Когда же настала очередь читателя, автор прокомментировал “Доктора Живаго” как “роман о “лишнем человеке”” и “подобие “Жизни Клима Самгина””. И это притом, что ему удалось выполнить один из творческих принципов Л. Н. Толстого, не любившего давать разъяснения к написанному: “все должно быть в тексте”.
Конечно, те или иные авторские замечания могут быть приняты в расчет при анализе материала, тем более школами, учитывающими внелитературные факторы. С другой стороны, хорошо известны факты неадекватных оценок автора при расхождении замысла и результата. Достаточно вспомнить “планы” Н. В. Гоголя, связанные с “Мертвыми душами”, комментарии Флобера к “Мадам Бовари” и непрекращающиеся споры вокруг “Двенадцати” А. А. Блока. Поэтому, соответственно, учитывая ту или иную авторскую позицию, в решении проблемы “лишнего человека” в романе “Доктор Живаго” будем отталкиваться от толстовского принципа, тем более что данный текст (не произведение), “неточечное письмо”, благодаря “подвижной структурации” (Р. Барт) предоставляет возможность “продуцировать неконечное число семантических эффектов” (Деррида).

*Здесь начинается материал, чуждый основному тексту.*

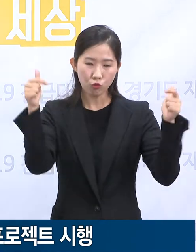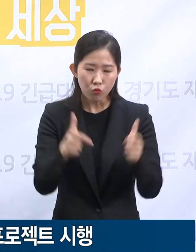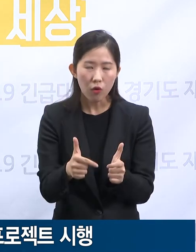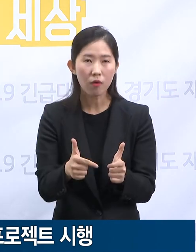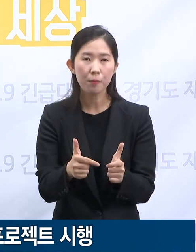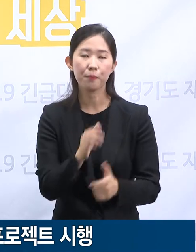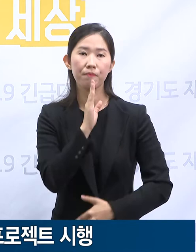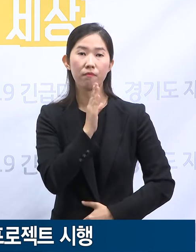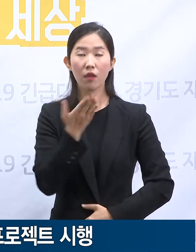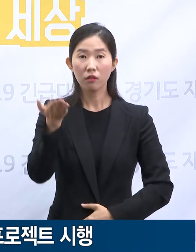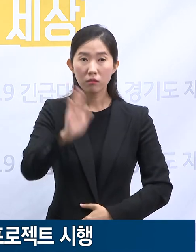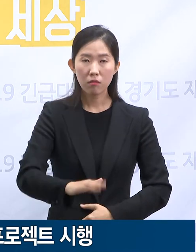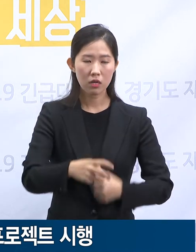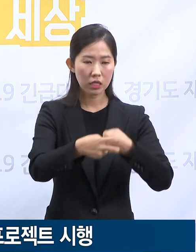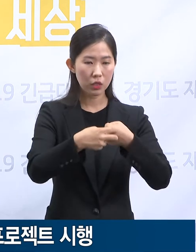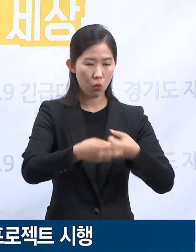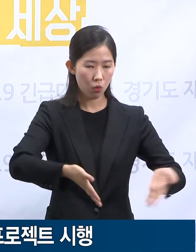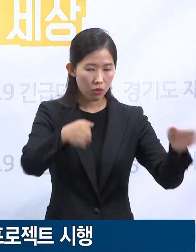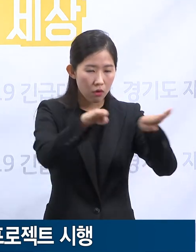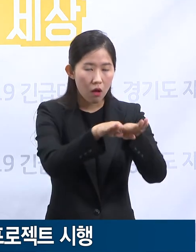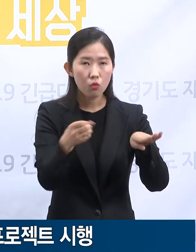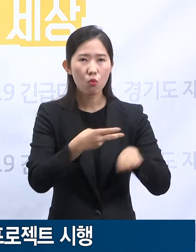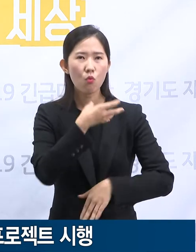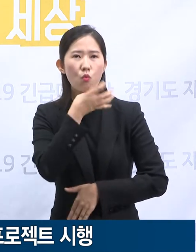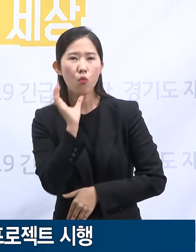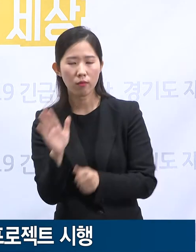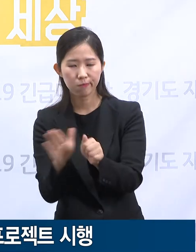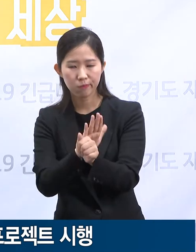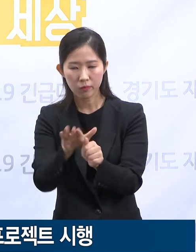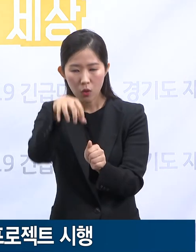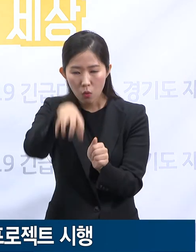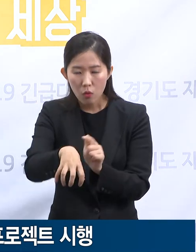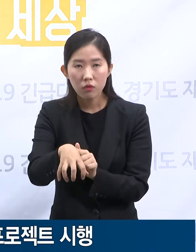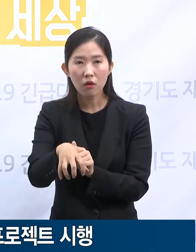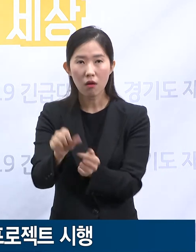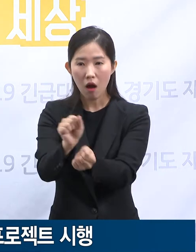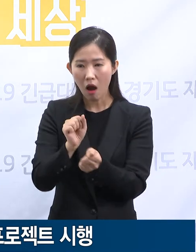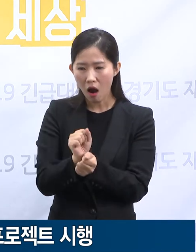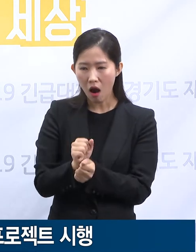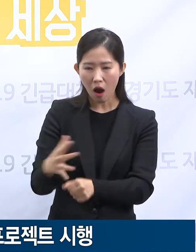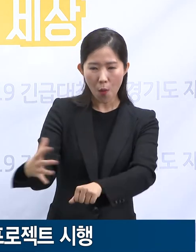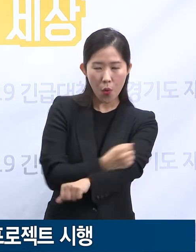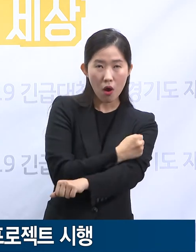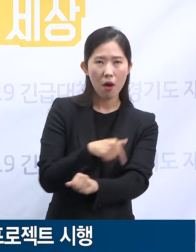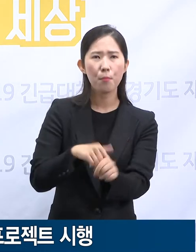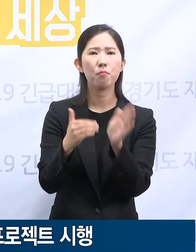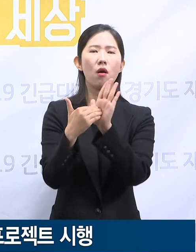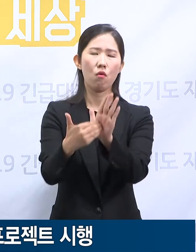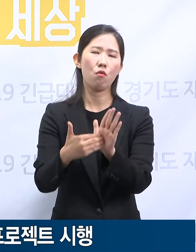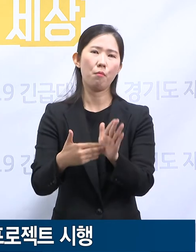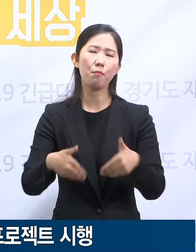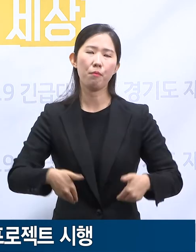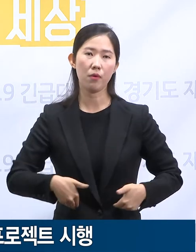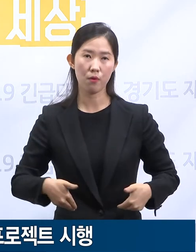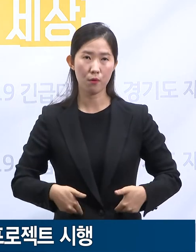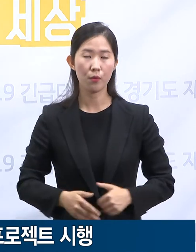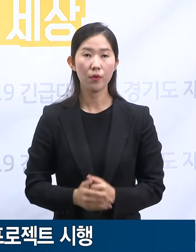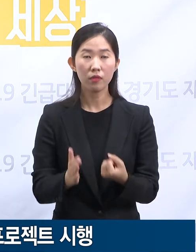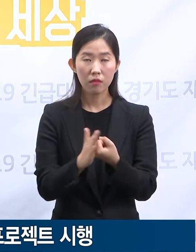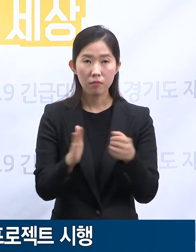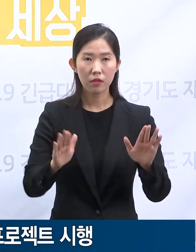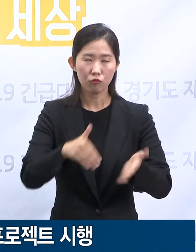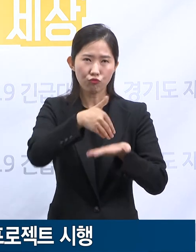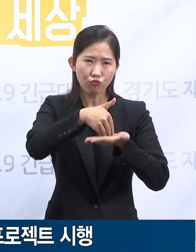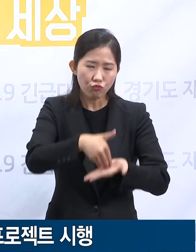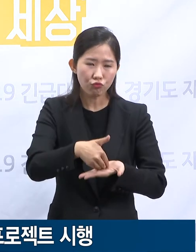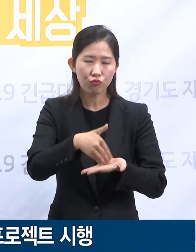다수의 감염자가 동시 발생에 대한 대비도 꼭 필요합니다. 이를 위해 중환자 진료 기능을 지속적으로 확대되는

Но прежде всего оговорим, что благодаря литературной, социокультурной традиции сложился определенный архетипический образ романтического героя-“лишнего человека”6, кочующий вместе с “бродячим сюжетом” из поколения в поколение и востребованный в период постмодернизма как “романтизма наизнанку”. Здесь
постмодернизм понимается не только как одно из ведущих направлений в мировой культуре последних сорока лет, феномен эстетики и литературы, а скорее как особый тип мышления, в основе которого принцип плюрализма (ведущей черты нашей эпохи), исключающий всякое подавление-ограничение и провозглашающий синтез разнородных элементов. Это “некое духовное состояние”, а “не фиксированное хронологическое явление. <…> Поэтому у любой эпохи есть свой собственный постмодернизм – одно из регулярно повторяющихся состояний эстетической эволюции”7 (У. Эко), возникающий при const ощущении исчезновения устойчивой реальности и надвигающегося абсурда бытия. И “такой” постмодернизм созвучен романтизму в интерпретации А. А. Блока (при том, что на уровне направлений постмодернизм и романтизм также совпадают по ряду формальных признаков: соотношение автора и героя, интертекстуальность, цитата, ирония/самоирония, языковая игра, китч/эпатаж, коллаж/жанровый синтез. Разница – в расстановке акцентов, аксиологии, семантике).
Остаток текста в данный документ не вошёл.